One of Americans’ favorite fast-food flavors is Chinese takeout. And that’s good, because (with some attention, so you eliminate sugar-added, deepfried options) it’s a lot easier to order nutritious dishes from Chinese restaurants than from McWhopper drive-thrus. So isn’t it ironic that these days in China it’s hard to avoid the destructive power of hamburger-driven fastfood joints?

A study funded by the National Natural Science Foundation of China, the Science and Technology Foundation of Chengdu Science and the Technology Foundation of Sichuan Province found that American-style fast food is linked to asthma and other allergic diseases, including allergic rhinitis, severe eczema and severe rhinoconjunctivitis.

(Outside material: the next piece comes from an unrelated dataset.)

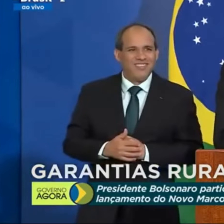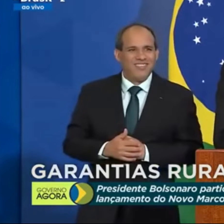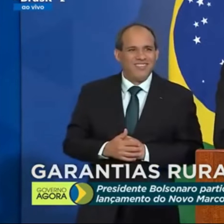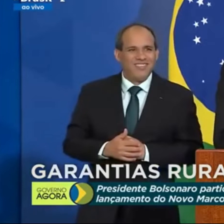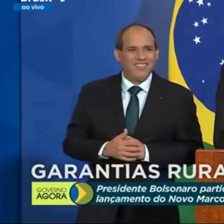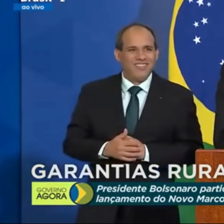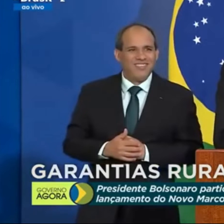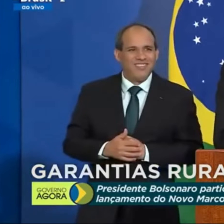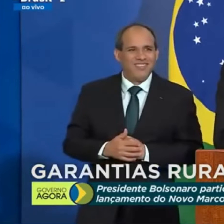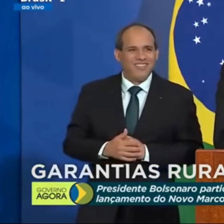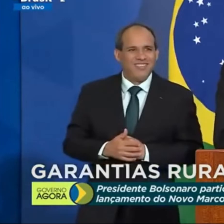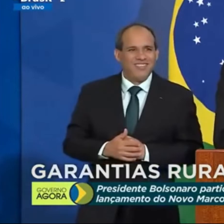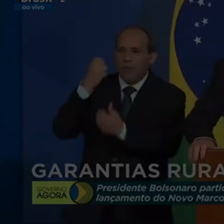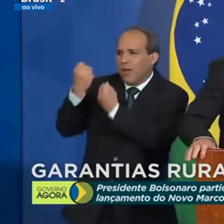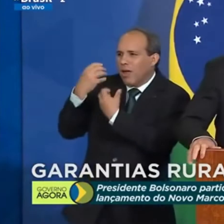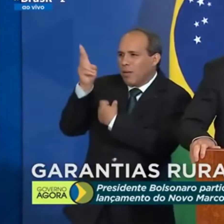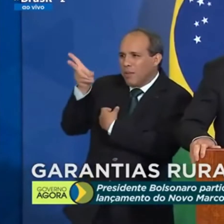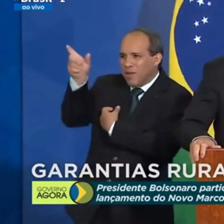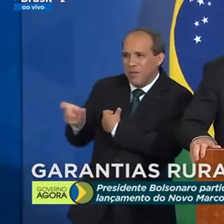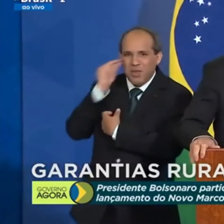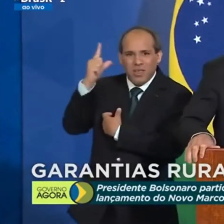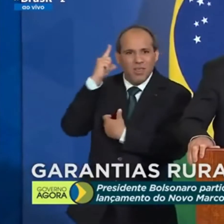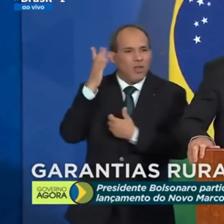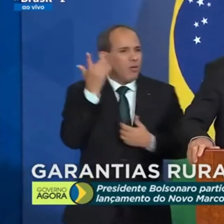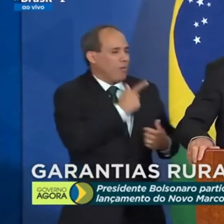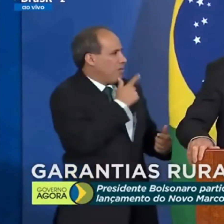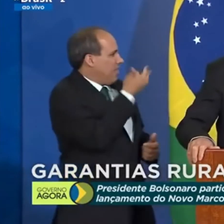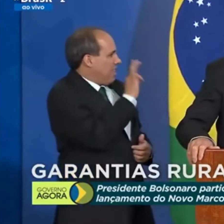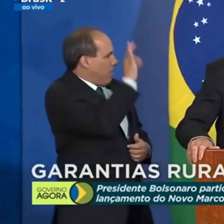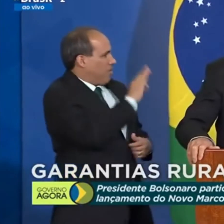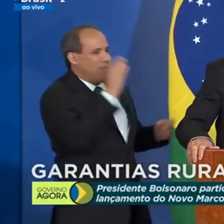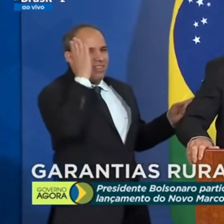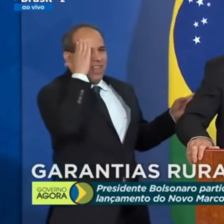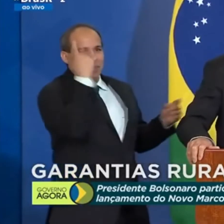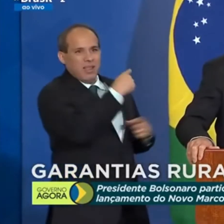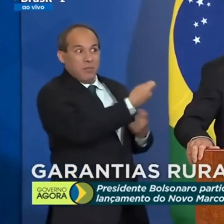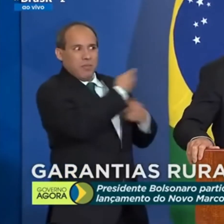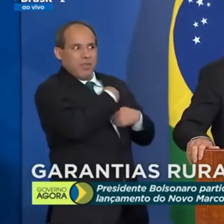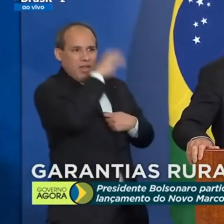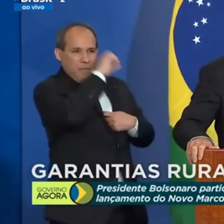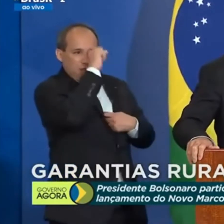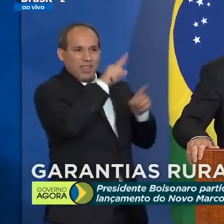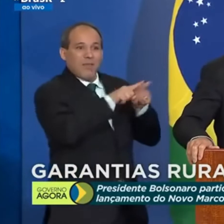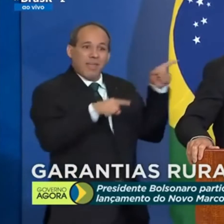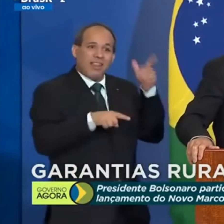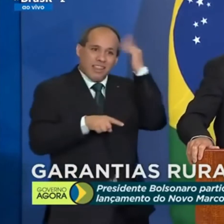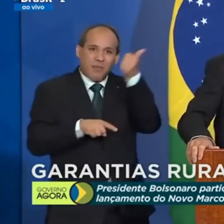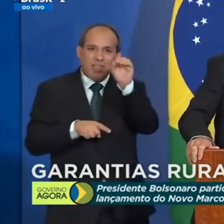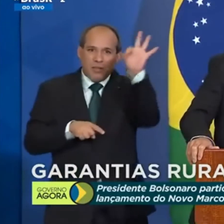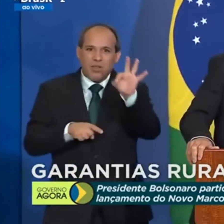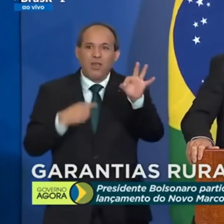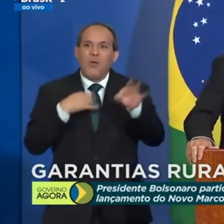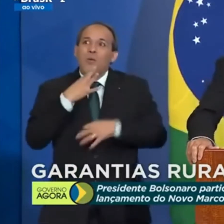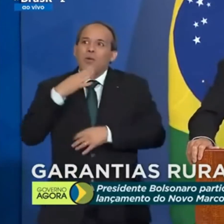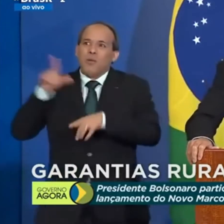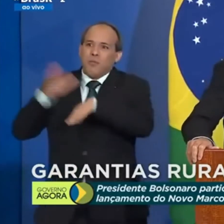Assista ao vídeo e deixe sua opinião. Hoje eu sei, eu acho que 10% do que o Paulo Guedes sabe, né? Assim como ele sabe 10% do que eu sei de

You might think that China’s air pollution is the real culprit when it comes to the 40 percent increase in that country’s asthma cases between 2007 and 2013. However, this new fast-food mega-study (13 cross-sectional and three case-control studies) reveals that what you put inside your body can be just as damaging to your respiratory health as the air you breathe.

Researchers identify the causes of inflammation leading to respiratory and allergic distress as the fast foods’ calorie-dense refined carbohydrates, sodium, sugar, cholesterol, additives such as preservatives and colorants, and high concentrations of saturated fat. Maybe both countries should ban trade in those fast foods — and promote mutual enjoyment of bok choy, sauteed green beans and fish with black bean sauce. Then everyone will pay a lower health tariff.

Mehmet Oz, M.D., is host of “The Dr. Oz Show,” and Mike Roizen, M.D., is chief wellness officer and chair of Wellness Institute at Cleveland Clinic. To live your healthiest, tune into “The Dr. Oz Show” or visit www.sharecare.com.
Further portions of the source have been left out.